La période étudiée s’étend du VIIe (occupations antérieures) au XVe siècle (abandon présumé du site) et se divise, au moins, en quatre phases d’occupation, dont deux sont liées aux fondations de Yaçovarman.

Pendant huit ans, la mission s’est consacrée à l’étude des monastères d’Angkor – capitale de l’empire khmer – qui étaient implantés autour du Baray oriental. Elle constitue un laboratoire fertile pour des questions essentielles à la compréhension du site d’Angkor et de l’histoire religieuse, économique et politique de l’ancien Cambodge. En effet, parcourant un éventail de thématiques allant de l’aspect le plus technique à l’aspect le plus général, elle offre un terrain de recherches privilégié pour : 1) les structures en matériaux périssables, encore très peu étudiées à ce jour ; 2) l’étude du lien entre morphologie architecturale et destination des espaces les composant ; 3) la compréhension du schéma historique de construction du site d’Angkor ; 4) le fonctionnement économique de ces institutions ; 5) la nature des sectes religieuses présentes sur le sol khmer au IXe siècle et les modalités de leur coexistence pacifique ; et 6) l’expression et l’imposition d’une centralisation du pouvoir.

Le versant archéologique doit impérativement être confronté aux données épigraphiques : l’originalité de notre démarche réside précisément dans cette prise en compte globale, multidisciplinaire, des matériaux à disposition pour la reconstitution de l’histoire angkorienne. Il s’agit d’étudier tout particulièrement les inscriptions digraphiques, des inscriptions portant la même inscription sanskrite sur leurs deux faces, mais l’une en caractères khmers « classiques », et l’autre utilisant des caractères nouvellement importés d’Inde par ce même roi. La comparaison des données obtenues sur le terrain et des informations révélées par les inscriptions sera, nous l’espérons, riche d’enseignements. La réussite de cette mission repose donc sur des collaborations pluridisciplinaires avec des spécialistes issus d’organismes nationaux et internationaux.

La première phase de notre travail est en grande partie achevée : les fouilles d’ampleur que nous avons réalisées à Angkor permettent d’appréhender les quatre grands monastères de la capitale, d’en dater les différentes phases sur une occupation de près de cinq siècles et de préciser l’aménagement et l’affectation de leurs différents espaces.

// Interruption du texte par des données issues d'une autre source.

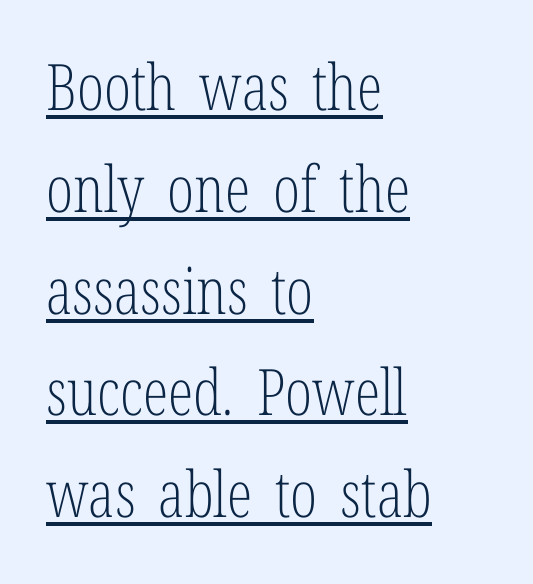
Q: Is the text bold? A: No.
Q: Is the text italic (slanted)? A: No, it is upright.
Q: Is the typeface a serif or a sans-serif typeface? A: Serif.
Q: Is the text underlined? A: Yes.
Q: How is the paragraph aligned? A: Left-aligned.
Q: Is the spacing between letters normal or unusually wide? A: Normal.
Q: Is the spacing between lines tight, normal or loose? A: Normal.
Q: Width (condensed, normal, or wide)? A: Condensed.
Q: Stroke contrast? A: Low.
Q: x-height? A: Medium.
Q: Monospaced? A: No.

La seconde phase archéologique de la Mission Yaçodharâçrama porte sur les monastères établis en province. En effet, ces monastères constituent l’une des plus importantes fondations royales répétitives de la période angkorienne et il est donc nécessaire de les étudier dans leur ensemble. Grâce à l’identification des traits caractéristiques des âçrama d’Angkor, nous disposons à présent d’informations précises pour identifier les âçrama de province et déterminer leur extension, leur rôle politique et religieux ainsi que leur durée d’occupation. Il s’agira donc d’essayer d’en identifier le plus grand nombre possible, ce qui nous permettra de disposer d’une carte religieuse et politique du territoire contrôlé par l’empire angkorien à la fin du IXe siècle. En 2020, nous avons entrepris l’étude du Prasat Khna, dans la province de Preah Vihear suite à de fructueuses prospections réalisées en 2019. La première campagne de fouille a déjà permis d’identifier une stèle manifestement réemployée dont la morphologie particulière permet de supposer qu’il s’agit bien d’une inscription de fondation d’âçrama. En outre, un édicule situé à proximité du bâtiment long équivalent à ceux d’Angkor a été mis au jour et il a pu être prouvé qu’il était bien destiné à accueillir cette stèle. Enfin, le prasat Khna présente l’intérêt de comporter un autre bâtiment dans lequel nous proposons de reconnaître un Virâçrama, autre fondation royale répétitive datant cette fois du XIe siècle.

Un second monastère potentiel de la province de Preah Vihear, le Prasat Trapeang Thnal, est en cours de déminage et sera étudié en mars 2024, et une seconde fouille, en décembre, sera l’occasion d’étendre nos recherches au Sud du Laos avec l’étude d’un monastère offert au célèbre temple de Vat Phu, dans la province de Champassak.